# Exercise brief:
Write each line exactly, from the line that holds "Sex: female" through the final line of the material, and no other line.

# Records:
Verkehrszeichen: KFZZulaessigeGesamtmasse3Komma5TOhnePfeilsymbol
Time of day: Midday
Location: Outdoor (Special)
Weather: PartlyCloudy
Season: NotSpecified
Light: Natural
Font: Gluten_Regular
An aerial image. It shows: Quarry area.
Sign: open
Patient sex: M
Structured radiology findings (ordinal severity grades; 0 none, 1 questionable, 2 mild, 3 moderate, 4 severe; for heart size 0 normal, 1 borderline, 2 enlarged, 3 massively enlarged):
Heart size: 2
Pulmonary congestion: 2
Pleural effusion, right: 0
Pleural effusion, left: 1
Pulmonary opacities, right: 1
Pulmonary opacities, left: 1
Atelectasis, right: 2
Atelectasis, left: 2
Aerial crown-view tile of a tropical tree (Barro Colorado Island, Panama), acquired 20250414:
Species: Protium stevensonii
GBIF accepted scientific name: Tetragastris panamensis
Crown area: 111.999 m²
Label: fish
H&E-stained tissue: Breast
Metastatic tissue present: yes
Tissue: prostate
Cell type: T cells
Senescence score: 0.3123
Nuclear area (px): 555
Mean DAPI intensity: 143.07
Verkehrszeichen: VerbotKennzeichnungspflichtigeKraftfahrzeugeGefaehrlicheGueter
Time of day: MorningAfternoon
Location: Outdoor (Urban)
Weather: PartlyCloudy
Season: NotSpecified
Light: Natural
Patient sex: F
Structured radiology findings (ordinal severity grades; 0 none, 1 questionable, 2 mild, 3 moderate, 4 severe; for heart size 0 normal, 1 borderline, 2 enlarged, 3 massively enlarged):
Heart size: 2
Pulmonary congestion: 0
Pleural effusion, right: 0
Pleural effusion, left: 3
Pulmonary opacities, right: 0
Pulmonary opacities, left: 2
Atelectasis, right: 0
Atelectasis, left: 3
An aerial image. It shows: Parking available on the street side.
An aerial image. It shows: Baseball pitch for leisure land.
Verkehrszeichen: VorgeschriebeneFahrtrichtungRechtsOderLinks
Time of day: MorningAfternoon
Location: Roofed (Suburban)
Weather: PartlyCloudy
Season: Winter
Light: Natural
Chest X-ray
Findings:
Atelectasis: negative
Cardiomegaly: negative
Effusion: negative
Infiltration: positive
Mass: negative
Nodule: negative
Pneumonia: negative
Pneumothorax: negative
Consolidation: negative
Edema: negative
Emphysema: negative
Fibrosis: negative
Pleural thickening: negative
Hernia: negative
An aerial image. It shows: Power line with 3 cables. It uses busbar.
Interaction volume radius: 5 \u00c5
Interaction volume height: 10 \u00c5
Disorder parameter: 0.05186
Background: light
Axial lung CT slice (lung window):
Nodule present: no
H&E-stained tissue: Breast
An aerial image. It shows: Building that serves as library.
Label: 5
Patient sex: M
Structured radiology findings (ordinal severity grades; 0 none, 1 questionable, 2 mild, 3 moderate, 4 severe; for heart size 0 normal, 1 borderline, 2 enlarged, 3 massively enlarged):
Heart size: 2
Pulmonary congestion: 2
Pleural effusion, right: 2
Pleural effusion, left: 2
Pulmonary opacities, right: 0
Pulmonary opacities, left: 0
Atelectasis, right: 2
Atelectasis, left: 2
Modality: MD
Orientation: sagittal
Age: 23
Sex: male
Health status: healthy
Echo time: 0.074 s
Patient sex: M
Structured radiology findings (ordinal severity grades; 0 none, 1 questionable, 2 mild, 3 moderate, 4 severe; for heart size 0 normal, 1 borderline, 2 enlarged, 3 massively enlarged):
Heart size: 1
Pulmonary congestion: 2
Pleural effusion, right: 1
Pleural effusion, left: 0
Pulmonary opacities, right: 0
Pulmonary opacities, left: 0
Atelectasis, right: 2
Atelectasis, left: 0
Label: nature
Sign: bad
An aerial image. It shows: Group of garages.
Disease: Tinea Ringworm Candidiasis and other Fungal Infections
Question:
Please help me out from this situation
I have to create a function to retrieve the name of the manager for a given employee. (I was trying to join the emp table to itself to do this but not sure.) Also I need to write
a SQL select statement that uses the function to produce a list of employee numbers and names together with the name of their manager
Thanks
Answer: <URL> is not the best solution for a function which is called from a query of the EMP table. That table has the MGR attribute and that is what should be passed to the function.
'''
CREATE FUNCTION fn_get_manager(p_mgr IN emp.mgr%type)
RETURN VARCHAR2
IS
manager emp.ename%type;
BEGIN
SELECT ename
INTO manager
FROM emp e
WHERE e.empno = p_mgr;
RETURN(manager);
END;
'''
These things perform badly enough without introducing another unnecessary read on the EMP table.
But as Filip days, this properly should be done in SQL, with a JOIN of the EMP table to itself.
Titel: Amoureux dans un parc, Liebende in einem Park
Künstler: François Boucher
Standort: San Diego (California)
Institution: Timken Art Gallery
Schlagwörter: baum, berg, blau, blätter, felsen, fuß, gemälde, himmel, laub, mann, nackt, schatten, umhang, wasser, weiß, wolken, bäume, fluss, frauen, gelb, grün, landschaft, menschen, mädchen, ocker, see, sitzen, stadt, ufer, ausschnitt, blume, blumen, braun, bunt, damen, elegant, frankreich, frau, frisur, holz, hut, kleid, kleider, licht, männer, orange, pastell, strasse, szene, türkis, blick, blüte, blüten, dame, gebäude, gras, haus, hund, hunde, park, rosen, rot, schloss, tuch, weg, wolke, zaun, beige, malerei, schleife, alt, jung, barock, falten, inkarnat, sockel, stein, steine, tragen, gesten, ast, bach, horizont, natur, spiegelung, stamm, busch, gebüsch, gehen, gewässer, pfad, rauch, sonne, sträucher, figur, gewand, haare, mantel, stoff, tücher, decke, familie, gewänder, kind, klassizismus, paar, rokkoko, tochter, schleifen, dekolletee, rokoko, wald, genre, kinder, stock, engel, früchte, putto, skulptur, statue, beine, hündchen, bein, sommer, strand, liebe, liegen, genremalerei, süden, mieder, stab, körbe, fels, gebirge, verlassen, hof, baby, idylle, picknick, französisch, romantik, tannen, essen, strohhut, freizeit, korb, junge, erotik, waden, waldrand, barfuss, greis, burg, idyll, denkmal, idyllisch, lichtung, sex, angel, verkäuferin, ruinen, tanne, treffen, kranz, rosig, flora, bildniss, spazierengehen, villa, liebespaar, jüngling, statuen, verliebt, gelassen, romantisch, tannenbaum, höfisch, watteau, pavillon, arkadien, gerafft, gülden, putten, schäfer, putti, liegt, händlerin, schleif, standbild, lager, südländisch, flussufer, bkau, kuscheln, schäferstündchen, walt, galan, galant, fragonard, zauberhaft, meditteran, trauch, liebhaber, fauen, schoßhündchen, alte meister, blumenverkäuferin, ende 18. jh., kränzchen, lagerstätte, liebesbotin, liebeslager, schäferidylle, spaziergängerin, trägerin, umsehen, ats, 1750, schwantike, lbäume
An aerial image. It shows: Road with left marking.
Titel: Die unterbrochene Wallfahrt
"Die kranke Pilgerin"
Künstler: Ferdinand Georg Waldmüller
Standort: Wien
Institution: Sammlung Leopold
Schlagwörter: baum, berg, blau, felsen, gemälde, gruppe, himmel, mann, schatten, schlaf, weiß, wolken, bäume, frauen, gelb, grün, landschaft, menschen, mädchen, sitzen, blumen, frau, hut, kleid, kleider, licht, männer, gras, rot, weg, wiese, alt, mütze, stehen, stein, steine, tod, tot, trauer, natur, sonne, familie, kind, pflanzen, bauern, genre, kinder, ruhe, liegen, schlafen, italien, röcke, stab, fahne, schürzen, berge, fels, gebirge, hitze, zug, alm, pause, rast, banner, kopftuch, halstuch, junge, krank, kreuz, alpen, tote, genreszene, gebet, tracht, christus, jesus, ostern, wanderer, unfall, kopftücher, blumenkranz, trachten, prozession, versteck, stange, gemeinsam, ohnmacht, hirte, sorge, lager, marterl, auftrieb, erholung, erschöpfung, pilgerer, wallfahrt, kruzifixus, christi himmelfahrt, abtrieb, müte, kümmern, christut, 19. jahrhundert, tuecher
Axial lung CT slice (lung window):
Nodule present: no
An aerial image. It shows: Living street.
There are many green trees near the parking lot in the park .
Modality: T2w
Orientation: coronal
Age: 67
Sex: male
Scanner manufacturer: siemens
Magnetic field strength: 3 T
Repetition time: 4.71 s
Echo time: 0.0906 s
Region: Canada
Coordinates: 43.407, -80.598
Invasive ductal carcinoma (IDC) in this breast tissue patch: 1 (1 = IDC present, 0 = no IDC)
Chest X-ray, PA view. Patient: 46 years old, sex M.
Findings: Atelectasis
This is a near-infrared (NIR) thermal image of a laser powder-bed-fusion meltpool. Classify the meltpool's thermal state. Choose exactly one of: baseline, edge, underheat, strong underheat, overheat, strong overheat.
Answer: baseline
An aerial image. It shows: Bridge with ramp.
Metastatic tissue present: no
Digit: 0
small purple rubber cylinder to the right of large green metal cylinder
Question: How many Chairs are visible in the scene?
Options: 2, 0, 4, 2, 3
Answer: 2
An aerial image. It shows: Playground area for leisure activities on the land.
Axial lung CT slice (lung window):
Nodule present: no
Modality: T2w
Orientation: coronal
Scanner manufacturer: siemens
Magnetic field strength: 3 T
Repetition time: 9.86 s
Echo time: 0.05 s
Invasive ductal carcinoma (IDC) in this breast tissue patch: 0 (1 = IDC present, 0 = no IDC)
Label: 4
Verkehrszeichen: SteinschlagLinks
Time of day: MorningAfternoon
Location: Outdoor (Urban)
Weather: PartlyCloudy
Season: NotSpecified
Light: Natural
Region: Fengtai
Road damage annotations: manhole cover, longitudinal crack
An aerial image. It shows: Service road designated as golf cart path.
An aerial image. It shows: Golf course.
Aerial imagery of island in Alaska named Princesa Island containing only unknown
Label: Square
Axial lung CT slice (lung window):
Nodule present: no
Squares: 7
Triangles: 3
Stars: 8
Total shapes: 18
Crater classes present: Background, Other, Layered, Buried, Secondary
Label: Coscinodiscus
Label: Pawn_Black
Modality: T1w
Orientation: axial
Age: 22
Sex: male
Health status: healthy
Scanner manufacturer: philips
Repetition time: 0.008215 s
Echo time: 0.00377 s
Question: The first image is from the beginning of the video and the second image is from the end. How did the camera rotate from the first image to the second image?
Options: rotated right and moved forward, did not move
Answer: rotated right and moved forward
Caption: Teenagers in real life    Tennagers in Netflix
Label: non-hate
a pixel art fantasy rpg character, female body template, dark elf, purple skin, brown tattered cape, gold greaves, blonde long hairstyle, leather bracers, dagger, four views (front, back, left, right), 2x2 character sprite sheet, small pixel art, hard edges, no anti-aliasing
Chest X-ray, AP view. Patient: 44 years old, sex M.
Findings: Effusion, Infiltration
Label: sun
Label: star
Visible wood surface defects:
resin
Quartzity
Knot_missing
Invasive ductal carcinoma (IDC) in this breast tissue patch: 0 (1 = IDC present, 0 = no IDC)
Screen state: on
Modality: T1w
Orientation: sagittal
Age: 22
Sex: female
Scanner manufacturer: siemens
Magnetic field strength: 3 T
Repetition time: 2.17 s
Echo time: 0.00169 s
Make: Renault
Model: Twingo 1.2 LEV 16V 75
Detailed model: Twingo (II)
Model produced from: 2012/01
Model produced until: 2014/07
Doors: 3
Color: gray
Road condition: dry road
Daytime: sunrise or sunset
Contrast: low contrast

# Answer to the problem:
Sex: female
Scanner manufacturer: siemens
Magnetic field strength: 3 T
Repetition time: 2.17 s
Echo time: 0.00169 s
Make: Renault
Model: Twingo 1.2 LEV 16V 75
Detailed model: Twingo (II)
Model produced from: 2012/01
Model produced until: 2014/07
Doors: 3
Color: gray
Road condition: dry road
Daytime: sunrise or sunset
Contrast: low contrast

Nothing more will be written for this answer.